# Physics people I need your help

Ok this problem i will be shoing you is for extra credit. I cannot work with anyone from my class and i have already asked the teacher and it was a no go. So i figured i would you a loop hole and ask people outside my class (I am assuming you are’nt in my class )
Here it goes

A 25 kg child slides down a water slide starting from rest. The angle of the slide is 20 relative to the horizontal. The child slides friction free down the length of the incline which is 10 meters in length. The child then slides across a level water chute for 3 meters where the coefficient of friction between the child and the slide is .1 . At the end of the xhute is a 2 meter high drop off into the pool below. (A) How long is the child in the air one he leaves the chute? (B) How long does the entire ride take? © How far out horizontally from the end of the chute does the child hit the pool?

I asking you guys here because most of you seem very smart. I have tried making a free body diagram, but i had no idea where to start.

umm, yes we could solve this for you but what would be the point in that? you take classes to learn things. having people give you the answers is not really learning. besides, this is extra credit even.

This is a pretty basic physics problem so just work your mental muscles a bit.

EDIT:

well, in general, its good to split up the problem into its distinct parts (2 here). This also looks like something you would use Work/Energy for, then kinematics. that should be more than enough to get you started.

A 25 kg child slides down a water slide

This is all you need to know. It’s a trick question. Water slides have minimum weight restrictions, everyone knows that. Plus you must be taller than this sign.

23 seconds

guessing

What is with all of your posts and the big blank space?

Dude, you should see his spacebar.

Yes I have elephantitus in my spacebar Hmm, I kind of remember this kind of stuff. You would figure out his weight in newtons (25kg x 9.8m/ss), break that down into horizontal and vertical components. If I remember correctly the horizontal component would remain constant without friction. When it reaches the level area, the frictional force would be the coefficient of friction multiplied by the normal force. That would be subtracted from the horizontal component of force. That gives you a force that, when divided again by the weight, will give you the acceleration. And then . . . arrgghhh, pain in the brain.

A) 2 meters = 0 m/s x T + .5 x 9.8 m/ss x Tsquared. The answer is the square root of 2 divided by 4.9. I think.

B) Ah, I ain’t got time for this. Do what the rest of us do and learn it.

I know how to get the answers but I’m not going to bother working it out unless you do, then I’ll work it out and compare answers.

This is actually a three part problem.

Start by calculating the time it takes to get from the top of the slide to the beginning of the horizontal part (ignore the horizontal distance and calculate using the height only, I’ll explain later), you’ll also need the instantanious velocity here.
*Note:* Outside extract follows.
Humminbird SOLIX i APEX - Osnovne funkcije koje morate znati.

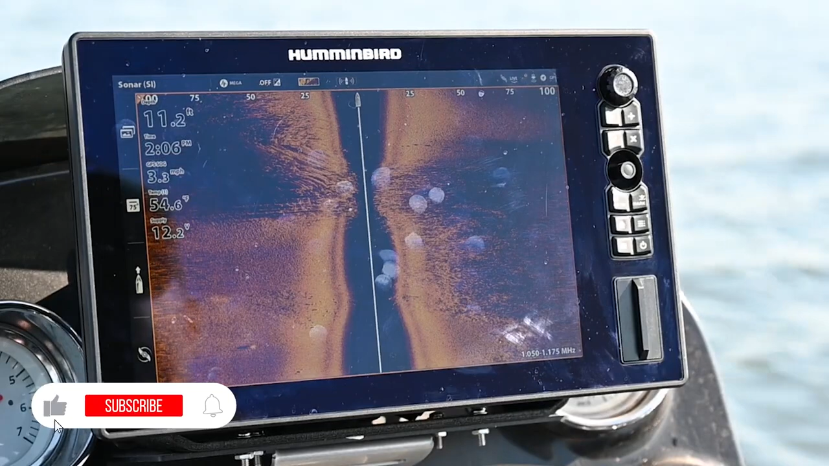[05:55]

Calculate the time it takes to slide to the end of the horizontal part of the slide using the coefficient of friction (look it up in your book).

The velocity after the end of the slide is irrelevant for (a) since he will fall at a constant rate to the water, the time is given by: (9.8 m/s^2) / (2m). For part C use this amount of time multiplied by the velocity at the end of the slide for the horizontal distance travelled.

If you don’t believe me on the last part and the beginning about only calculating the vertical component for time consider this: A common physics experiment involves a stuffed animal and a projectile aimed at the stuffed animal, both hung at the same height. When the experiment is activated the stuffed animal falls and the projectile is shot at it from some distance away. The projectile always hits because they both fall at the same speed, the only thing that varies is the time it takes for the projectile to hit (though that is irrelevant for your problem).

The velocity at the end is very relevant, you’ll need it to get the horizontal distance travelled between leaving the slide and falling in the water for C.

Martin

The velocity at the end is very relevant, you’ll need it to get the horizontal distance travelled between leaving the slide and falling in the water for C.

Martin[/quote]

Ah crap, I just re-read that part. I thought it was asking for time.

My main problem is i dont have my freefall equations written down. Like the no time equation. I already know about breaking up the components of the forces not perpendicular to the way i orientated my axis. Also it gives the coeffiecient of friction in the problem. Teeth time is relevant because you need the time of the whole ride.

well, you could always rederive the formulas from calculus, hehe.

this problem is a lot simpler than I think you’re making it out to be. shbaz’s method works. An even easier way is to use the Work Energy theorem and you only need to use kinematics to calulate the time it takes to fall. In fact, with the WE theorem, you can roll the first two steps (frictionless slide and level chute) into one, assuming you know what it is/how to use it.

For the time of the entire ride you’ll need to split it into three parts and use kinematics and some trivial trig functions. also remember that the kinetic frictional force is constant, which means accel is constant, which means you can use kinematics on the chute.